Aim of the exercise:
What lines of the data below include the word "noise"? Report them by copying each.

Records supplied:
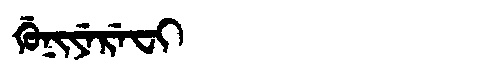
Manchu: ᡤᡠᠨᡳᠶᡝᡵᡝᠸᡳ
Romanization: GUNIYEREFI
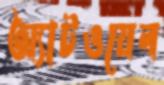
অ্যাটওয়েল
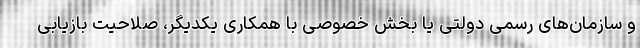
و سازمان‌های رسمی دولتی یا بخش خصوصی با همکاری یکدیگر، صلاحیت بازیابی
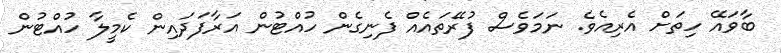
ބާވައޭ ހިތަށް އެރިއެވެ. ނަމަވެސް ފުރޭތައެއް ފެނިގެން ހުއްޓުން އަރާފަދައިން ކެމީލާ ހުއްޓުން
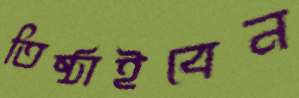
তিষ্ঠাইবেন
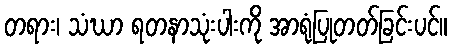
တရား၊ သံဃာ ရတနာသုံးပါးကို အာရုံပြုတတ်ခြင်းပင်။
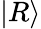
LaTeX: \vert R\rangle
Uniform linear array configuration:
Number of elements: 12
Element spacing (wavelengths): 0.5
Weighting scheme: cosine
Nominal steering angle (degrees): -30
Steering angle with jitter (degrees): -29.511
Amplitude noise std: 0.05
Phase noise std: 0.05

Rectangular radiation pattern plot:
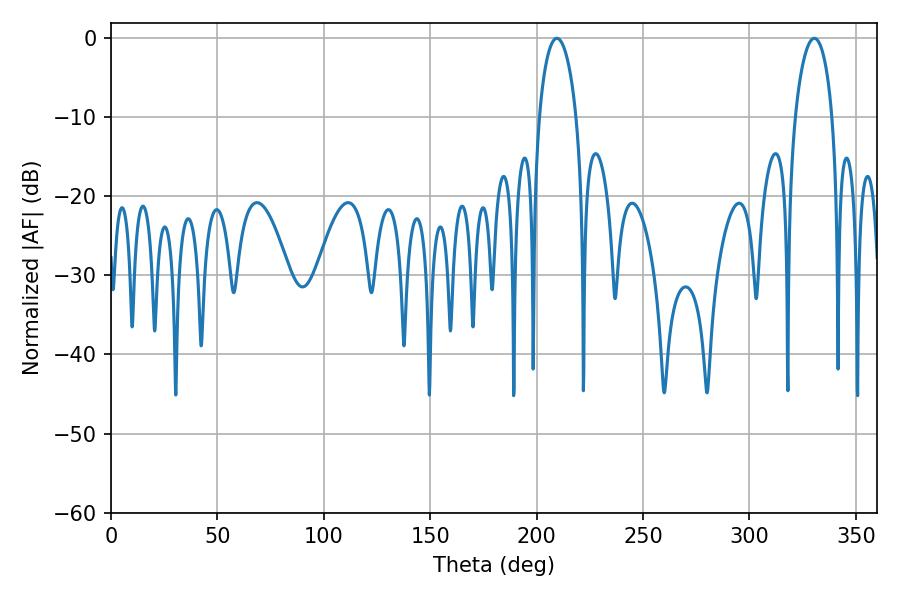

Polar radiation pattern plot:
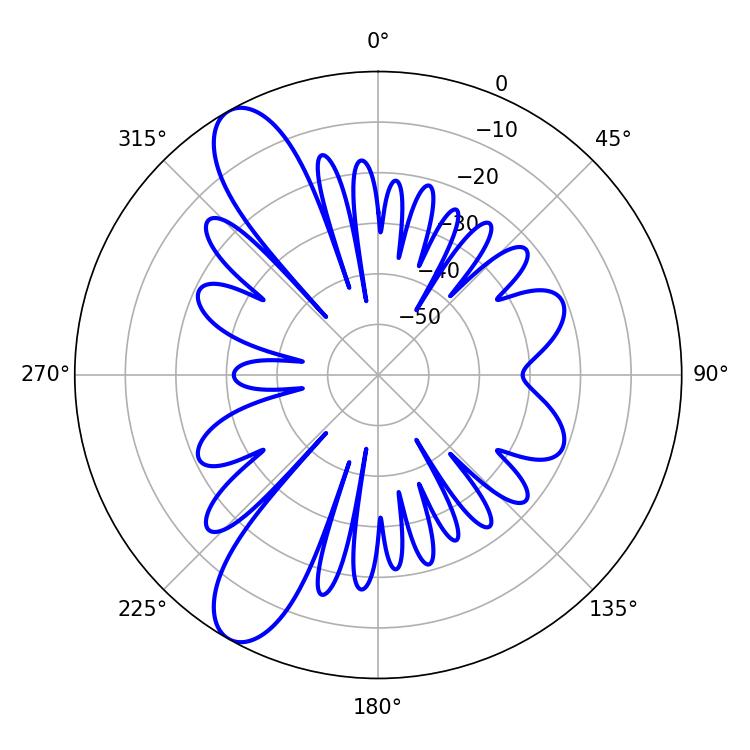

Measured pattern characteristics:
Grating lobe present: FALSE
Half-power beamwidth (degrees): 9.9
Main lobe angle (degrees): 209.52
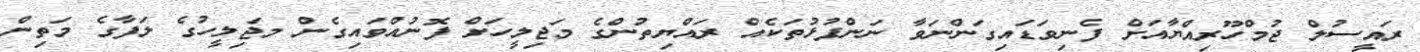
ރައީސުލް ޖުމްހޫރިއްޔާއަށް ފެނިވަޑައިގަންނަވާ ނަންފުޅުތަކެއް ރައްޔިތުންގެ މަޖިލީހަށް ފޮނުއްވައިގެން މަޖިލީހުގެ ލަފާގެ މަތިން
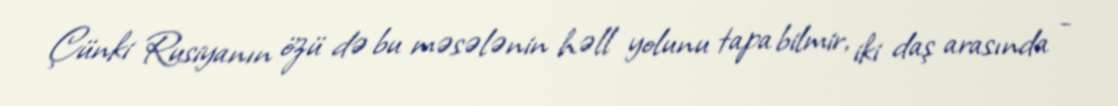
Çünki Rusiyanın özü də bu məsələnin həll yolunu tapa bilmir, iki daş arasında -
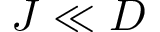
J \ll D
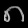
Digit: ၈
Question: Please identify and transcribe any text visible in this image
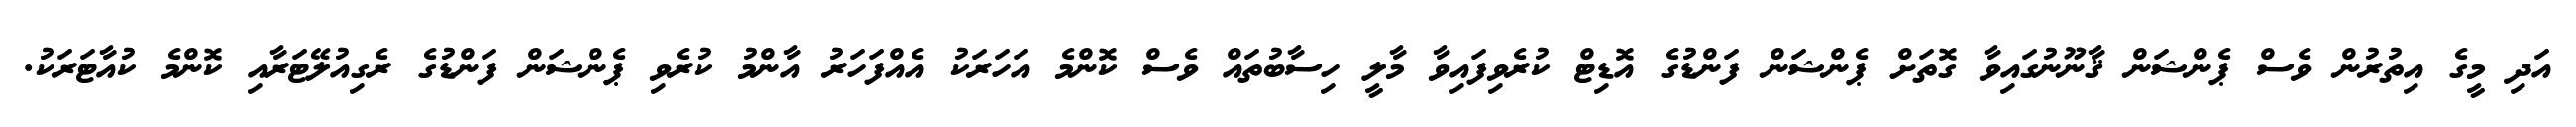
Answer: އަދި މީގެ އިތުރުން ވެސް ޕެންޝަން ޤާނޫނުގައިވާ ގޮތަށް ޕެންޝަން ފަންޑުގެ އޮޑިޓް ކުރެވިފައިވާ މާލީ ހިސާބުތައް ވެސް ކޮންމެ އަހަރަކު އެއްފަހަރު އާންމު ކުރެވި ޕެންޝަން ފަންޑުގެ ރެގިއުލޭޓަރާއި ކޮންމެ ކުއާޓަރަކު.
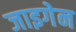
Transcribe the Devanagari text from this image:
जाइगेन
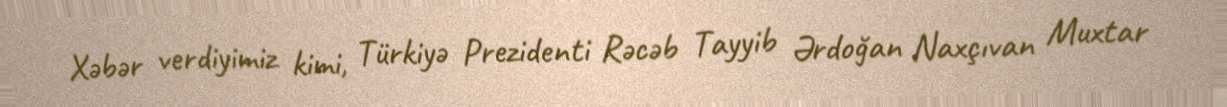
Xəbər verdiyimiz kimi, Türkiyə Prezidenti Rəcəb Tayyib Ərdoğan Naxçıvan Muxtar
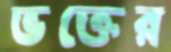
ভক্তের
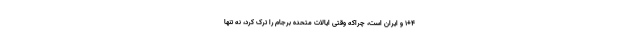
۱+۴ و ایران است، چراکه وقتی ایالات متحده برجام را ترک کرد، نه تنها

* * *

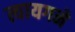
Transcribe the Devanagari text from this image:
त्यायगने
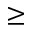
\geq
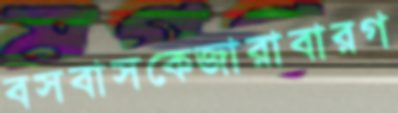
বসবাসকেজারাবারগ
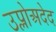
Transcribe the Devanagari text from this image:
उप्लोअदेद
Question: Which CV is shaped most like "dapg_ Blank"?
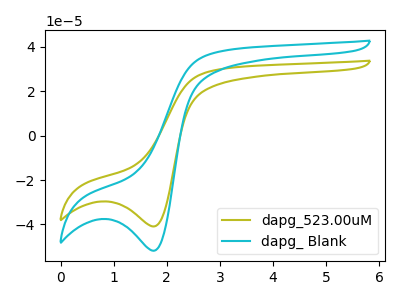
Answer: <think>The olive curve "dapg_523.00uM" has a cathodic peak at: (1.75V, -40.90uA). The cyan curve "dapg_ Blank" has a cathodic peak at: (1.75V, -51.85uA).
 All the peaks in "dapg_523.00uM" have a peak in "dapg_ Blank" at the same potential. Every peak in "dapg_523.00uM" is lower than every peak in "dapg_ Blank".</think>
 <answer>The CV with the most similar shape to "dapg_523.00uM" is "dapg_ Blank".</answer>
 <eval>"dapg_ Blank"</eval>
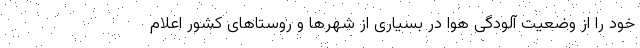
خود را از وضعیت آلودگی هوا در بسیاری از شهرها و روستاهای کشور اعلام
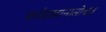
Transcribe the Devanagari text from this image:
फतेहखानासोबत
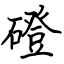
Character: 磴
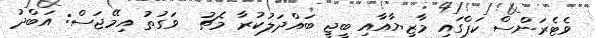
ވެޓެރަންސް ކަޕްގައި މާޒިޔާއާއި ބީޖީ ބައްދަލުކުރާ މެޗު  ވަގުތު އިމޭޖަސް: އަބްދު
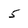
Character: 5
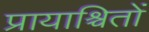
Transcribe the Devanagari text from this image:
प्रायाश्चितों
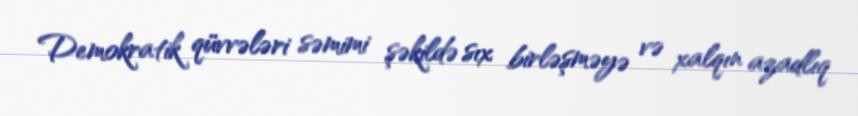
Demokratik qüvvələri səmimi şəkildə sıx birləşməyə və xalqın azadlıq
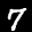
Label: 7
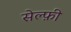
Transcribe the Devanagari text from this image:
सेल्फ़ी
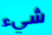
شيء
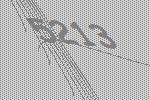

...

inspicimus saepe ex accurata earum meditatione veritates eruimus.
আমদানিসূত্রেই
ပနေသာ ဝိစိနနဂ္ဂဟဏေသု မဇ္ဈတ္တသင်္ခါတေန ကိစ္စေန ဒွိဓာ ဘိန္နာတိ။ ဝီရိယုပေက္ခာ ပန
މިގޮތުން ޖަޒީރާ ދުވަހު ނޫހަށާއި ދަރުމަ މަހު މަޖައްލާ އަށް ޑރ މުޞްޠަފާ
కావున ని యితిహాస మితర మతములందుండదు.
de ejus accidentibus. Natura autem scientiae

Result below:
Amplitude noise std: 0.05
Phase noise std: 0.05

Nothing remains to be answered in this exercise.